Chinese edition of Technological Singularity comes at right time

Updated: 2016-05-25 11:12

By Yang Yang(China Daily)

  Print Mail Large Medium  Small 0

Chinese edition of <EM>Technological Singularity</EM> comes at right time

British author Murray Shanahan says his new book on AI "isn't science fiction but speculation about the future".[Photo provided to China Daily]

In his book The Singularity Is Near, American computer scientist Ray Kurzweil had predicted a decade ago that by 2045 non-biological intelligence will have exceeded biological intelligence on Earth due to exponential changes in infotech, biotech and nanotech. Basically, man and machine will become one.

But Murray Shanahan, a London-based cognitive robotics professor, disagrees with Kurzweil's theory in his more recent book, Technological Singularity.

"Kurzweil was very precise (about time)," Shanahan tells China Daily in an interview in Beijing. "Technological singularity has a very dramatic impact on humanity."

But for Shanahan, it is a thing of the future that may or may not come, and in which human-level artificial intelligence is quickly followed by super AI.

When human-level AI is realized, it has the ability of self-improvement.

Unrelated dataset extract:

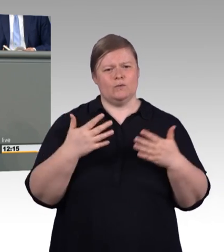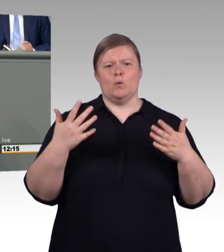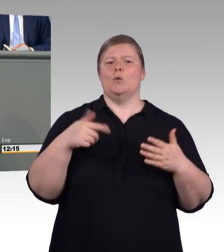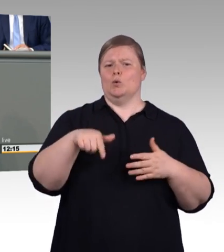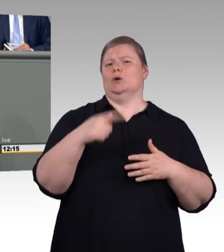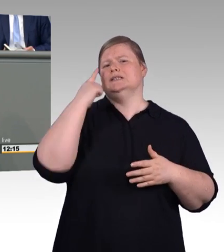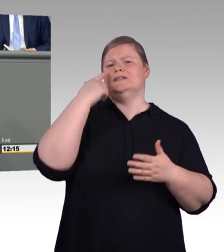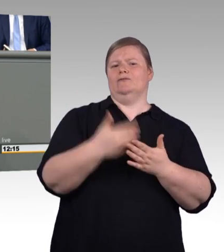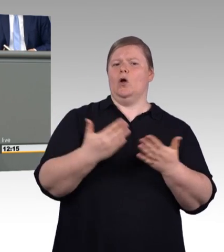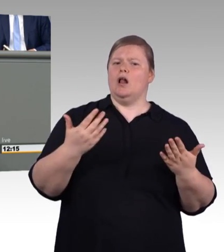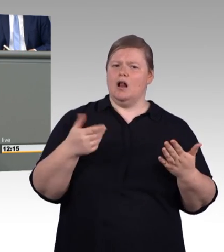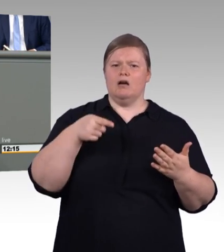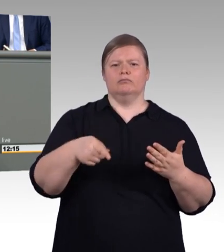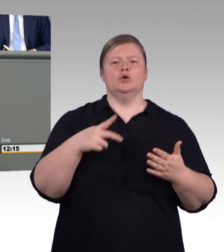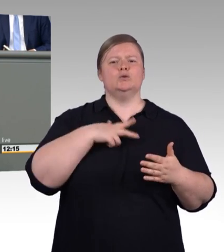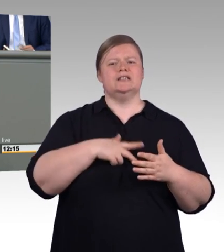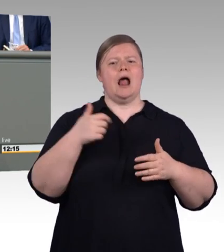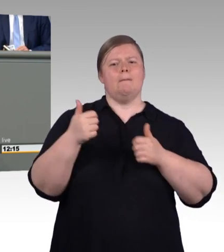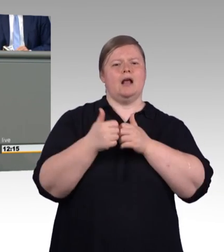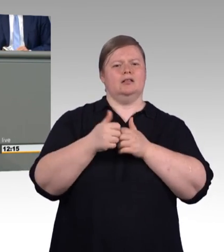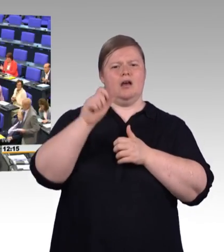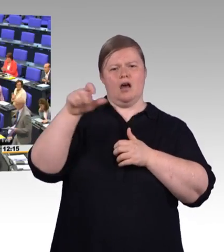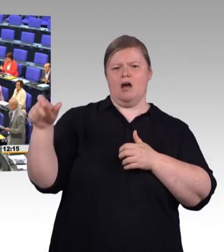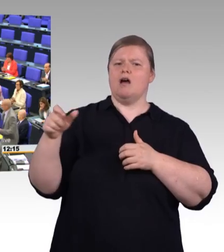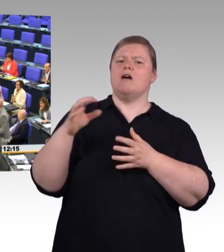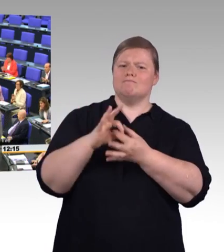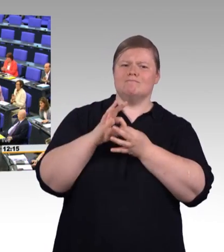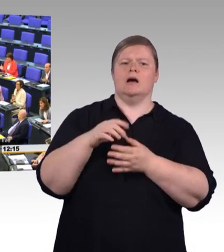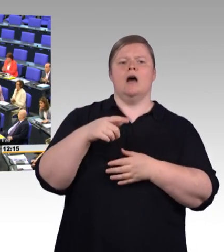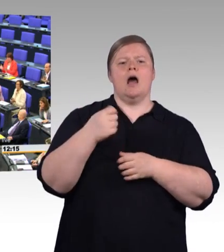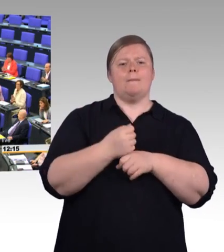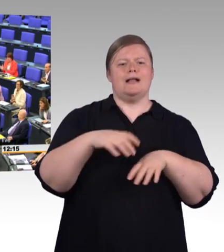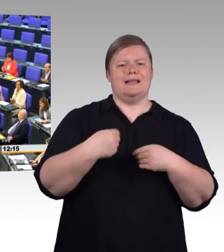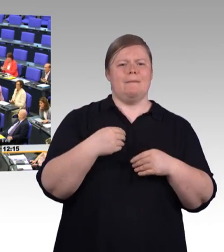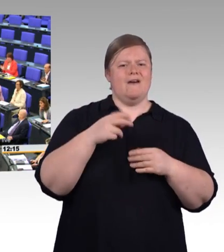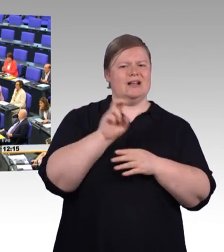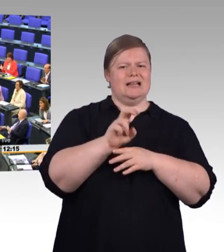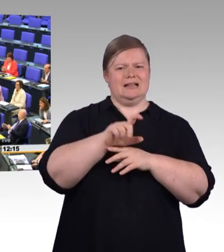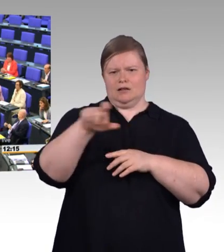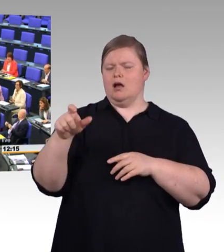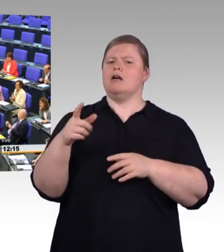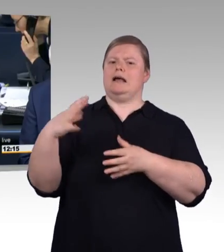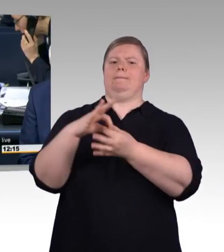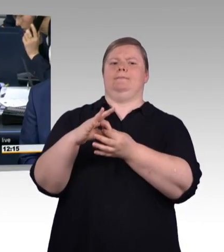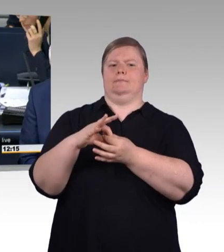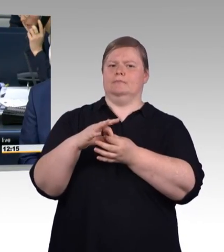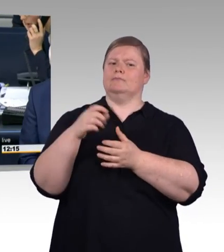Herzlichen Dank! (Beifall) (Präsidium) Vielen Dank Herr Kollege Albani. Als nächster Redner hat das Wort der Kollege

As a result, a machine's intelligence will surpass that of people.

It's a revolution that is expected to bring various benefits to society, but also possible threats that force us to think about moral problems in building super smart machines with or without a human heart.

A Chinese edition of Technological Singularity was recently published by China Citic Press. It comes at a time when such concepts are being hotly discussed in the domestic infotech industry.

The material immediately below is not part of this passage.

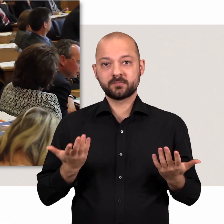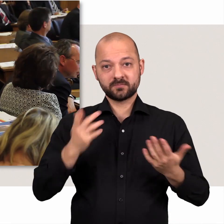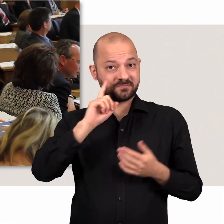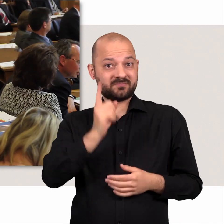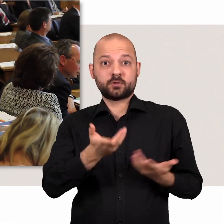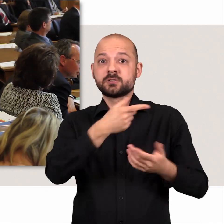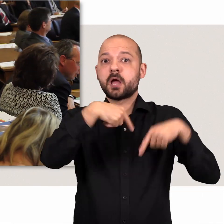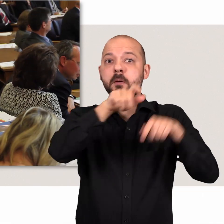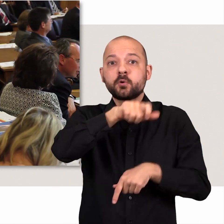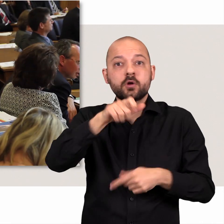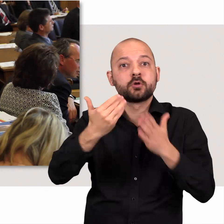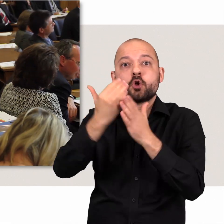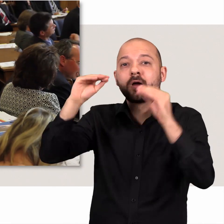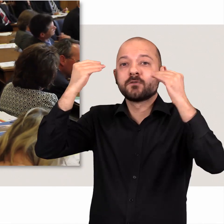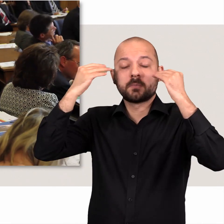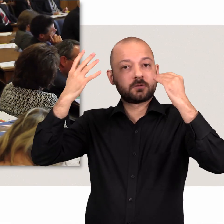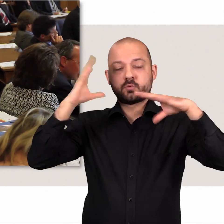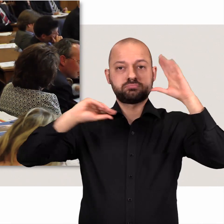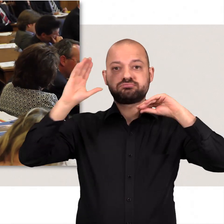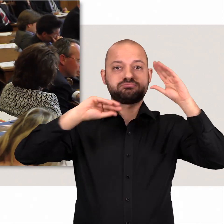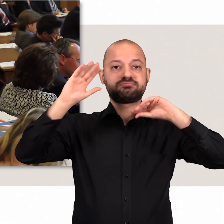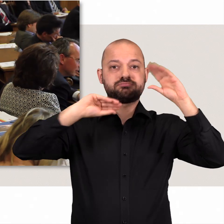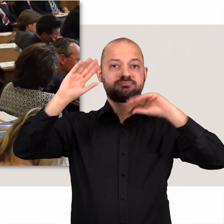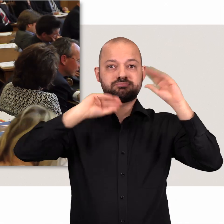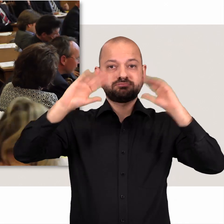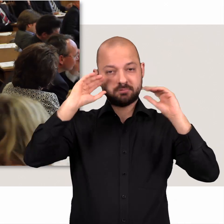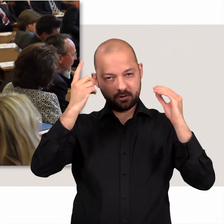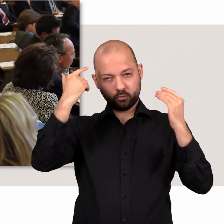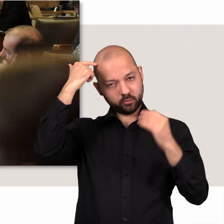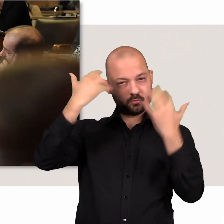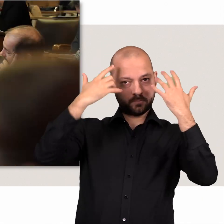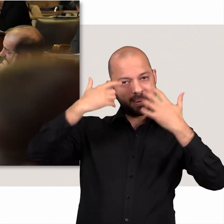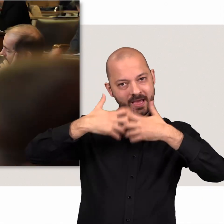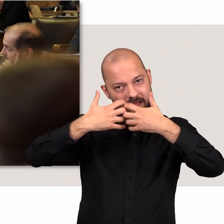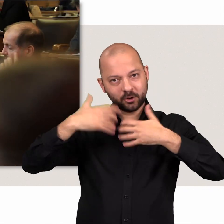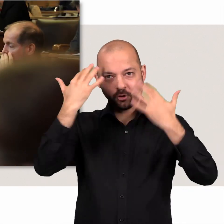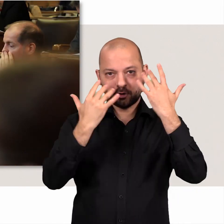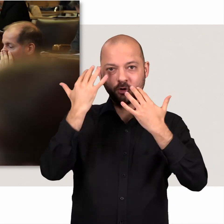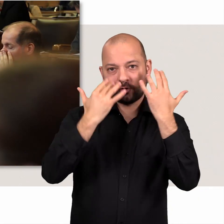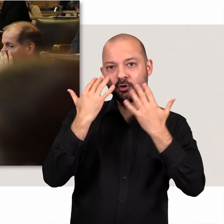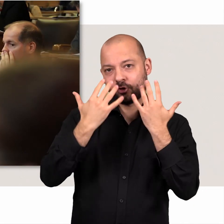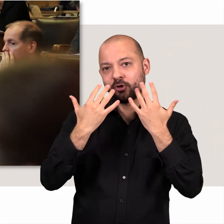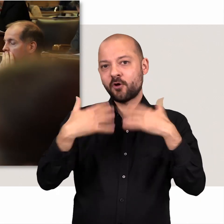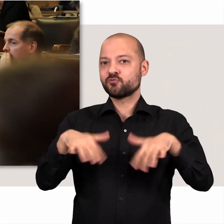Die Abgeordneten müssen permanent neue Informationen aufnehmen und in ihre Überlegungen mit einbeziehen.

"The book is easy to follow as the author, a veteran researcher, has used simple language to explain AI and technological singularity," says Bi Yiling, the editor at Citic who is responsible for introducing the book to Chinese readers.

Scientists and engineers are now trying to build human-level AI in three ways: One is to scan the brain and copy its biological behavior through a computer; next is to build human-level AI from scratch, like neural networks used in the machine learning system of AlphaGo; and the third is to combine the first two approaches.

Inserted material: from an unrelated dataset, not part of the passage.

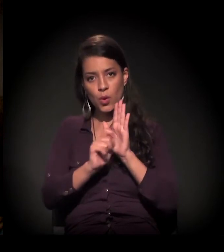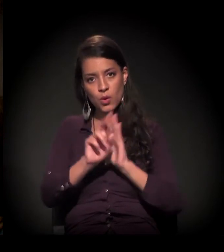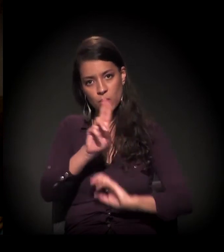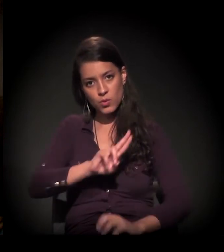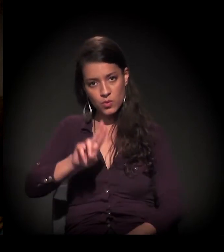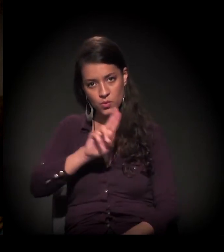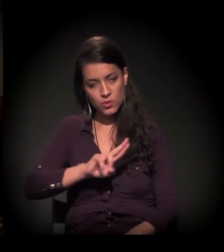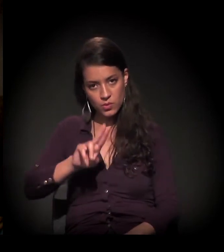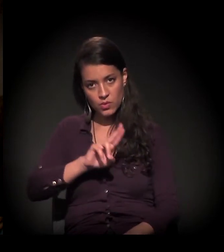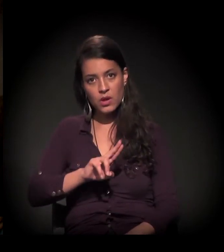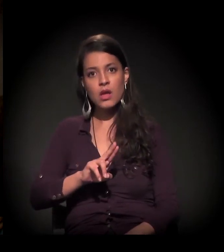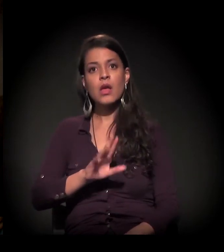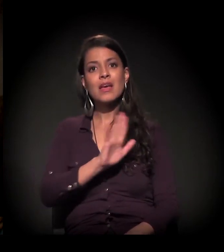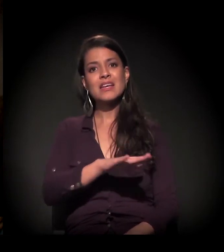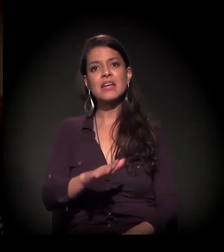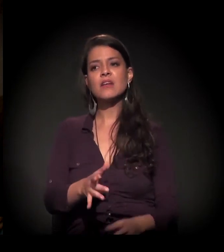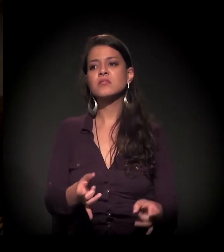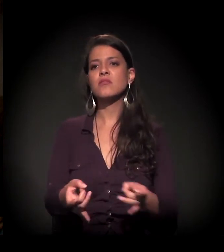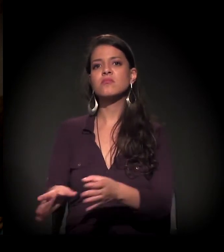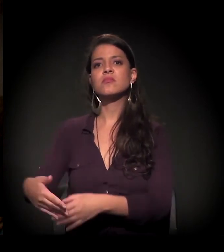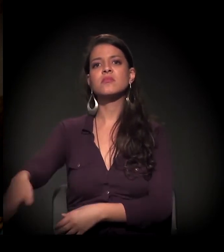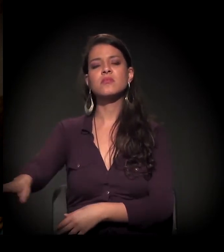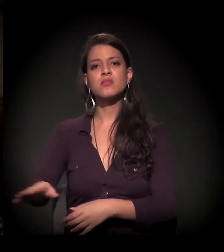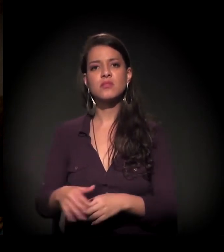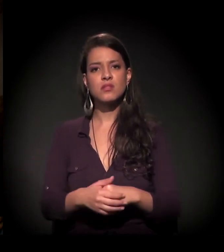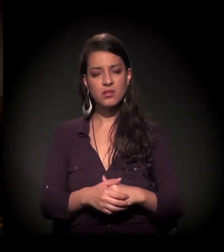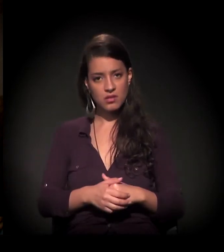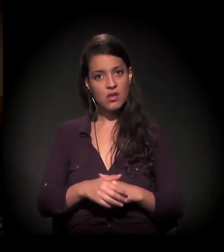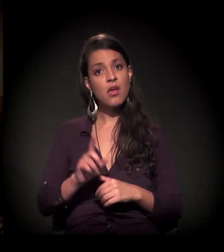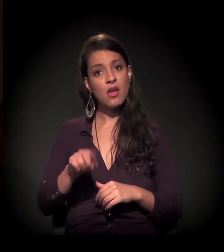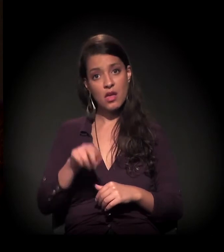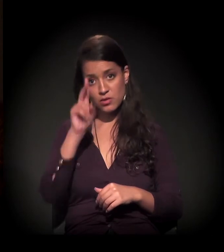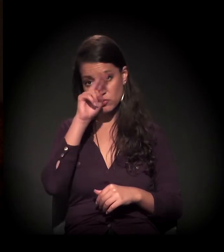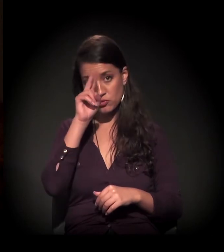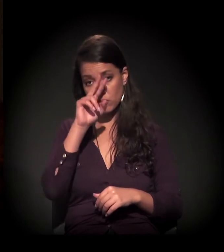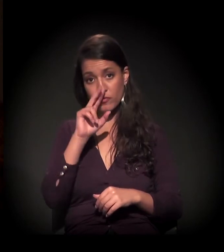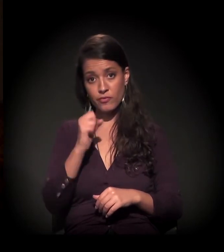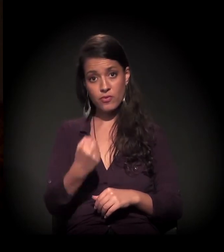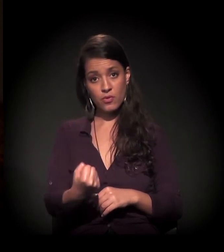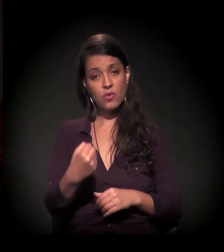É essa a história que foi forte para o castelinho e não a do crime ou a da Maria Eulina.

Shanahan, 51, teaches AI and computational neuroscience at Imperial College London.

When British director Alex Garland was preparing for his later Oscar-nominated film Ex Machina, he came across Shanahan's previous book Embodiment and the Inner Life, which is about cognition and AI consciousness.

In the film, AI maker Nathan tries to find out if his work Ava has consciousness.

"The movie is not only about intelligence, but also consciousness. Certainly, Ava seems to have human-level AI," Shanahan says, adding that one needs to keep in mind that it is a film.